Cruising Sailors Forum Archive

It probably is impossible in any event, not just your keel.

It is a misnomer to believe that simply pulling water across a prop does that. It's the water moving across the rudder from the boat moving. Not while a boat is stationary.

That doesn't mean that the current couldn't produce a "hidden' result that looks like it functioned that was -- but it's just the prop doing what you thought you saw.

From Someone that I regard looked at this and observed to me that:

I am appalled that once again someone is arguing the impossible, namely that a sailboat (or ANY boat) can be turned in either direction with the rudder by -----pulling----- water over the rudder.

This was argued 70 years by a young man who would one day be a Nobel Lauriate in Physics.

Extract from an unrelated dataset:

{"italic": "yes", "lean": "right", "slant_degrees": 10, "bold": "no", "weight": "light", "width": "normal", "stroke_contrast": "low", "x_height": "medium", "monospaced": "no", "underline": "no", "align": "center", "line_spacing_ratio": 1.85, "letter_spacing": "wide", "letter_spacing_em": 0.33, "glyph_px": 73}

IT CAN'T BE DONE. In fact, today, there is a public display at MIT which anyone can walk up to, push the button to see air being pushed out the nozzles and the gear rotates, push the other button to pull into the nozzle and the whole thing stops dead, as physics says it would.

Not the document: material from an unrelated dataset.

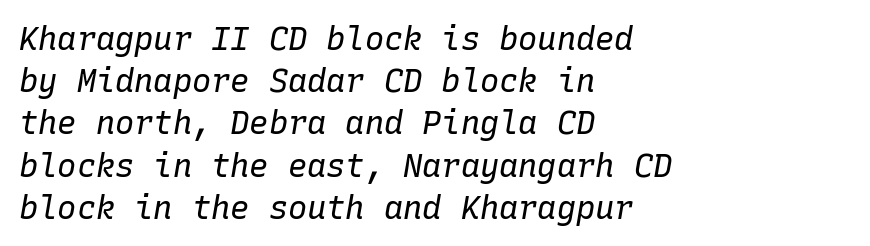
A typesetter would call this monospace, since all characters share one set width. These lines were composed using italics. Each line starts at the same left margin while the right side varies. The strip under each line holds only bare page.

To steer a boat in reverse with the rudder with the prop in front of the rudder, THE BOAT MUST BE MOVING IN REVERSE. No reward movement, no effect on the rudder, no matter how high the motor is reved.

http://web.mit.edu/Edgerton/www/FeynmanSprinkler.html

That's the reason that tugs (and other boats which require rudder control in reverse) have a separate rudder or rudders IN FRONT OF THE (reversing) PROP.